Paper Number
PO113 

Session
Poster Session

Title
Multifaceted blood prediction using contemporary thixotropic and viscoelastic models

Presentation Date and Time
October 17, 2018 (Wednesday) 6:30

Track / Room
Poster Session / Woodway II/III

Authors (Click on name to view author profile)

  1. Clark, Michael (United States Military Academy, Chemistry and Life Science)
  2. Armstrong, Matthew J. (United States Military Academy, Chemistry and Life Science)
  3. Horner, Jeffrey S. (University of Delaware, Chemical and Biomolecular Engineering)

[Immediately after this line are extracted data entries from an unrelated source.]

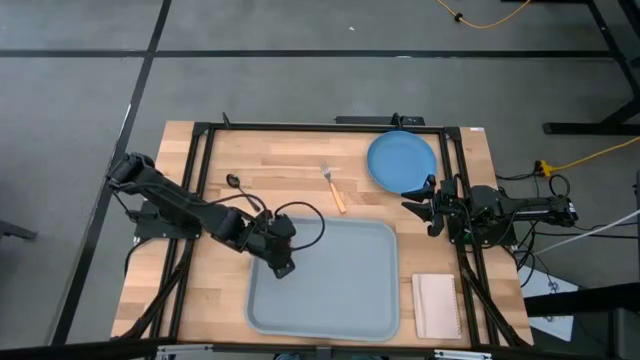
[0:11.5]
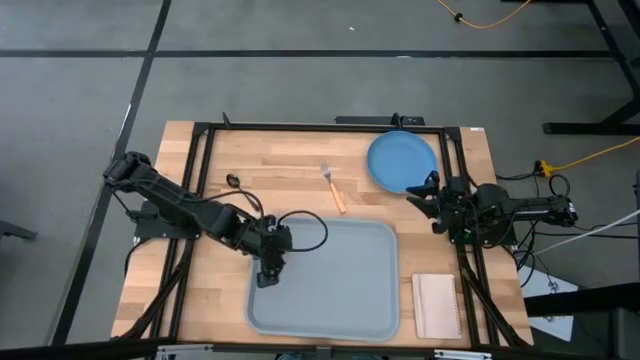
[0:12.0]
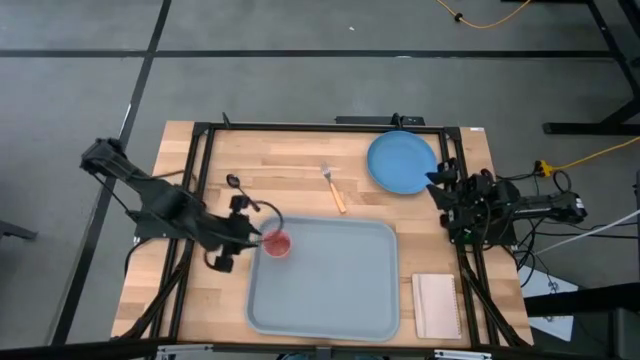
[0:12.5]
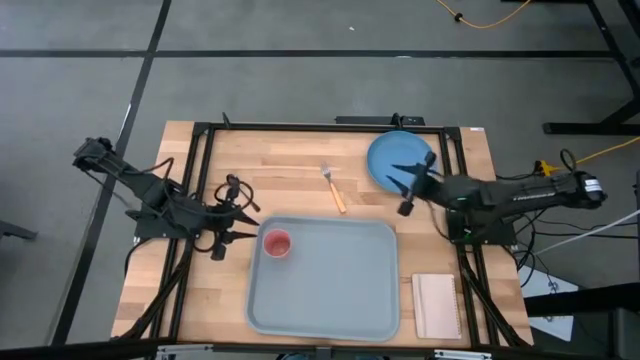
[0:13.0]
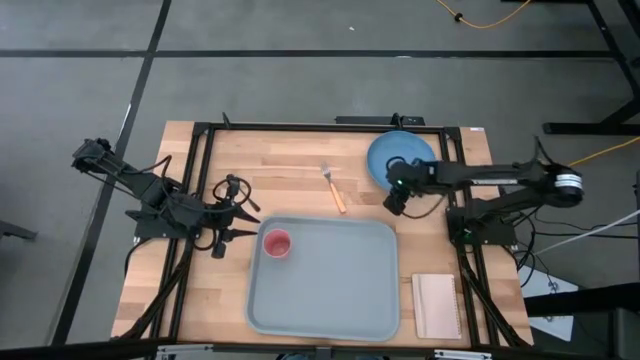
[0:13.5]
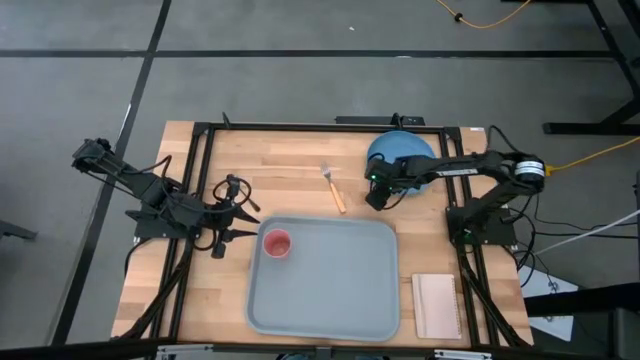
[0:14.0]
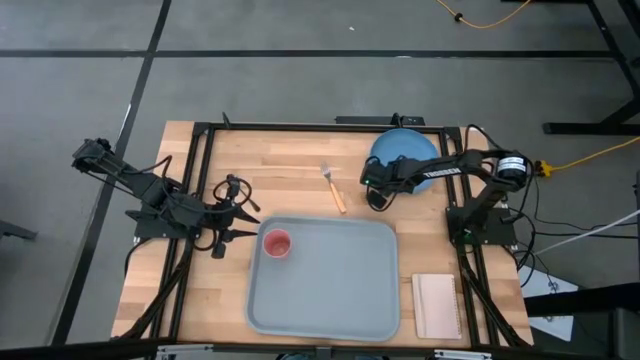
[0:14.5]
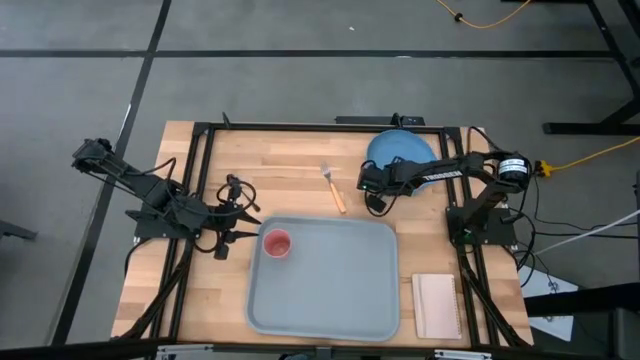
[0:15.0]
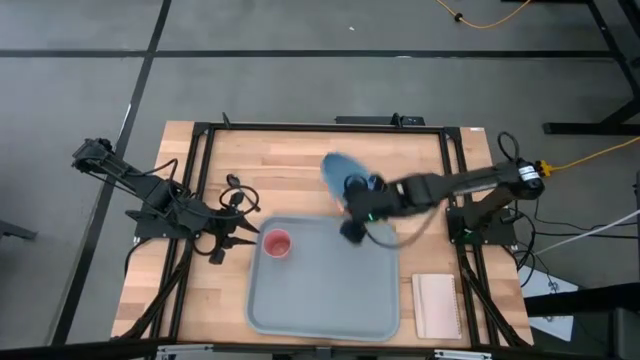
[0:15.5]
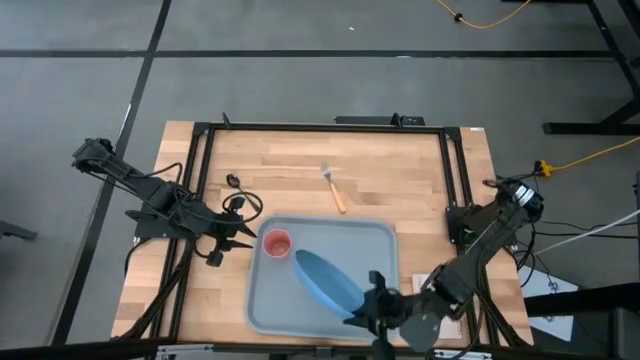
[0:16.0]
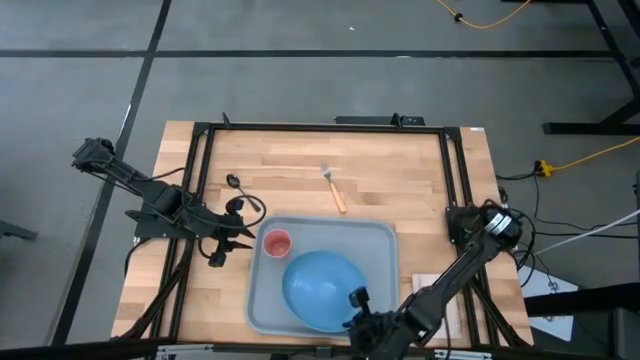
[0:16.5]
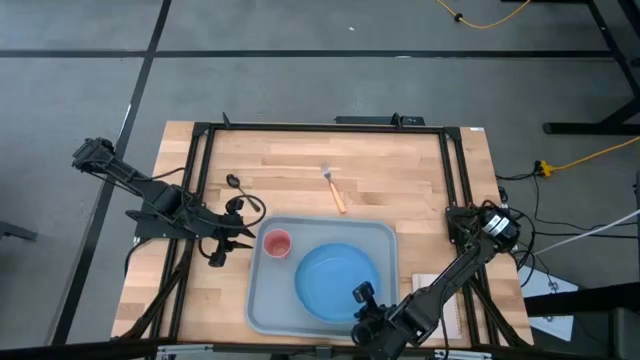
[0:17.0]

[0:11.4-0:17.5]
Task: Pick and place plate/cup/fork/spoon on tray
Put the blue plate on the gray tray on the right of the pink cup

Author and Affiliation Lines (in printed abstract book)
Michael Clark1, Matthew J. Armstrong1, and Jeffrey S. Horner2
1Chemistry and Life Science, United States Military Academy, West Point, NY 10996; 2Chemical and Biomolecular Engineering, University of Delaware, Newark, DE

Speaker / Presenter 
Clark, Michael

Text of Abstract
Many complex materials have thixotropic behaviors, displaying time dependent viscous and elastic properties that are a function of microstructure. Some examples of thixotropic materials are aqueous nuclear waste, crude oil, and paints. Another example is blood. Modeling the behavior of these materials allows us to better understand how they can be used effectively in their respective industry. We have characterized human blood using recently collected steady state data and the Blackwell-Ewoldt TEVP model, and an enhanced Apostolidis-Armstrong-Beris with viscoelastic modification model. First, we analyzed steady state data and compared parameter predictions to physiological parameters, then we simultaneously fit the models to steady state and a triangle ramp and step up/down rheological human blood data. Using the best fit parameter values from the steady state-triangle ramp-step up/down fit, we predict and Large Amplitude Oscillatory Shear flow. We characterize blood to develop better models, and evolve strategies to give way to better understanding of blood to facilitate benchmarking blood’s “normal” rheological fingerprint, with a view toward a methodology to diagnose pathologies based on rheological deviations from blood’s baseline mechanical properties. Based on the biochemistry of blood, its fluid mechanics, and rheological properties, pathological blood will have different rheological properties than healthy blood. By modeling healthy blood, we can establish a baseline that will then allow us to characterize and diagnose pathological blood based on its flow behavior, as was seen in the Moreno paper with high cholesterol. We then look for statistically significant relationships between certain model parameters and physiological parameters measured from the blood like cholesterol, sugar, hematocrit, etc.